- Born: John Reginald Surdeval Routh November 24, 1927 Gosport, Hampshire, United Kingdom
- Died: July 4, 2008 (aged 80) Jamaica
- Spouse(s): Nandi Heckroth ​ ​(m. 1948, divorced)​ Shelagh Marvin ​(m. 1975)​
- Children: 2

= Jonathan Routh =

English painter

Jonathan Routh (born John Reginald Surdeval Routh; 24 November 1927 – 4 June 2008) was a British comedian, television presenter, actor, writer, and painter. He starred in a British version of the television show Candid Camera from 1960 to 1967, and co-starred with Germaine Greer and Kenny Everett in a later attempt at a revival, Nice Time, in 1968. He published a number of humorous books, and painted for many years.

==Background and personal life==
Routh was born on 24 November 1927 in Gosport, Hampshire, the son of a British Army colonel, and spent much of his early childhood in Palestine. He was educated at Uppingham School and Emmanuel College, Cambridge where he read history.

Routh had two sons from his first marriage (to the film designer Nandi Heckroth, in 1948), had a relationship in 1969 with the wife of Paul Hamlyn, and then another with the oil heiress Olga Deterding. He died in Jamaica on 4 June 2008.

==Television work==
Following a success with a British version of The Candid Microphone on Radio Luxembourg, Routh started a British version of its television successor Candid Camera around 1961 for ABC Weekend TV. Following a long dispute with the American lawyers of Allen Funt as to who held the rights to Candid Camera, Routh moved on to new fields, working with John Birt, later director general of the BBC, for Granada TV, along with Germaine Greer and Kenny Everett in Nice Time. He also worked in television advertising on spots such as J. Walter Thompson's for Smarties and Kellogg's Corn flakes, appearing also in some spots himself, for example Newcastle Brown Ale. The British version of Candid Camera returned in 1974, starring Peter Dulay, Arthur Atkins and Sheila Bernette. In 1976, Routh returned to the pranks and the show was retitled Jonathan Routh & Candid Camera.

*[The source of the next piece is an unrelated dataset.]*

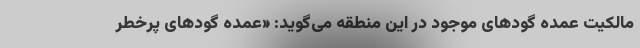
مالکیت عمده گودهای موجود در این منطقه می‌گوید: «عمده گودهای پرخطر

==Guidebooks created with John Glashan==

With John Glashan, Routh created an unusual set of small guidebooks: The Good Loo Guide and The Good Cuppa Guide (both about London), The Guide Porcelaine to the Loos of Paris, and The Better John Guide (about New York City). The humour owed much to the apparent seriousness, and to the affectionate parody of the connoisseurship of The Good Food Guide (then as now a trove of information on fine eating).

===The Good Loo Guide===
The Good Loo Guide, a compact fifty-page booklet subtitled "Where to Go in London", written with Brigid Segrave and "conveniently illustrated" by John Glashan, was the first of the series, published in London by Wolfe in 1965. A note on the copyright page sets the tone:

This is an impartial guide. Our visits to loos have been anonymous. We have not declared ourselves even after making use of the establishment's facilities. Nor have we at any time accepted hospitality, but paid cash for all chargeable facilities we have used.

Loos are rated by the application of stars, three-star establishments being "worth travelling out of your way to experience". The illustrations are numerous as well as convenient, with Glashan's characters (typically bearded men) experiencing various adventures and misadventures.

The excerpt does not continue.